A growing body of evidence is making the case that radio deserves a more central role in modern media planning, and it begins with reach. A new analysis from Nielsen shows that AM/FM radio builds monthly audience reach more efficiently than television across all levels of gross rating point (GRP) investment.
The findings compare adult 18+ reach percentages as monthly GRPs increase, covering both AM/FM radio and broadcast, cable, and syndicated TV.
Sourced from the Nielsen Spring 2024 Nationwide Survey and Nielsen Comspoint 2024, the chart reveals a consistently wide gap in favor of radio. At approximately 100 GRPs, AM/FM reaches nearly 60% of adults, while TV stays below 40%. By 300 GRPs, radio nears 80%, whereas TV tops out around 60%. Even at higher GRP levels, AM/FM continues to deliver incremental reach, while TV’s curve begins to flatten.

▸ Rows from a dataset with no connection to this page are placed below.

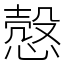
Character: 慤
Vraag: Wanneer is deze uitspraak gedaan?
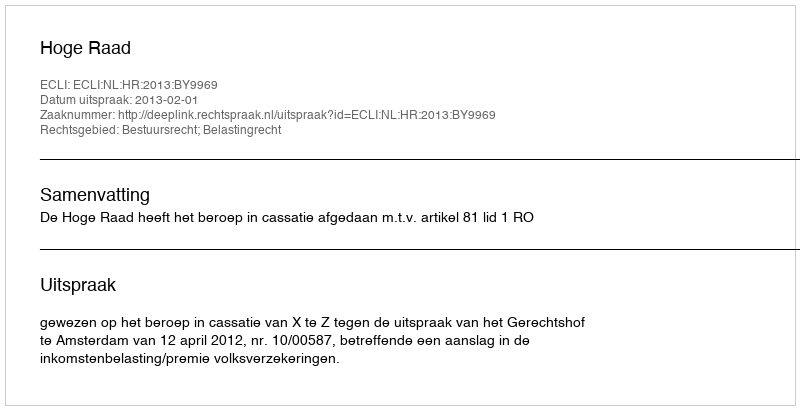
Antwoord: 2013-02-01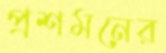
প্রশমনের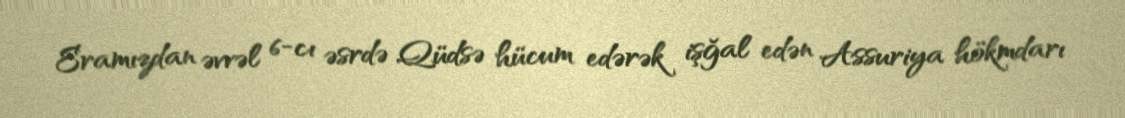
Eramızdan əvvəl 6-cı əsrdə Qüdsə hücum edərək işğal edən Assuriya hökmdarı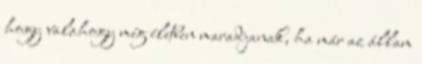
hogy valahogy még életben maradjanak, ha már az állam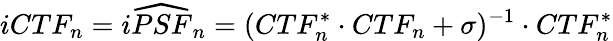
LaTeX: iCTF_{n}=i\widehat{PSF}_{n}=(CTF_{n}^{*}\cdot CTF_{n}+\sigma)^{-1}\cdot CTF_{n}^{*}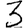
Digit: 3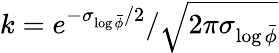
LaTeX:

This empirical evidence supports the arguments of media strategist John Fix, who has long maintained that radio’s value is often obscured, not because it underperforms, but because it is routinely underfunded.
Fix, the former architect of consumer packaged goods giant Procter & Gamble’s return to radio, has partnered with the Cumulus Media/Westwood One Audio Active Group to reframe how advertisers view Media Mix Modeling. His key insight: weak ROI metrics for audio frequently stem from brands investing too little to see meaningful impact.
Fix’s recommendation is to shift from asking “Did radio work?” to “Did this execution of radio work?” That change in mindset opens the door for strategic optimization, including analysis of creative, dayparts, and format mixes to determine what’s truly effective.
A major issue, he argues, is the overreliance on planned media weights in MMMs. These create a “smoothing effect” that reduces week-to-week variance, making it harder for models to detect causal links between ad exposure and sales. Instead, Fix advocates for using as-run data – the actual GRPs delivered each week, which captures real fluctuations and enables more accurate attribution.
Fix points to response curve data from Nielsen and In4mation Insights, showing that as investment in AM/FM radio increases, ROI grows steadily until it eventually plateaus. But when brands spend too little, common for those testing or re-entering the radio space, the response curve shows negligible return. The issue isn’t that radio doesn’t work. It’s that it was never truly activated at scale.
Fix also reminds marketers to factor in product pricing when interpreting ROI. CPGs tend to show lower ROIs due to their low price points, while services or retailers with high average cart sizes demonstrate much higher returns.
Ultimately, Fix’s analysis is a call to rethink radio’s role in media strategy, not as a niche support channel, but as a core component of brand-building when funded and measured properly.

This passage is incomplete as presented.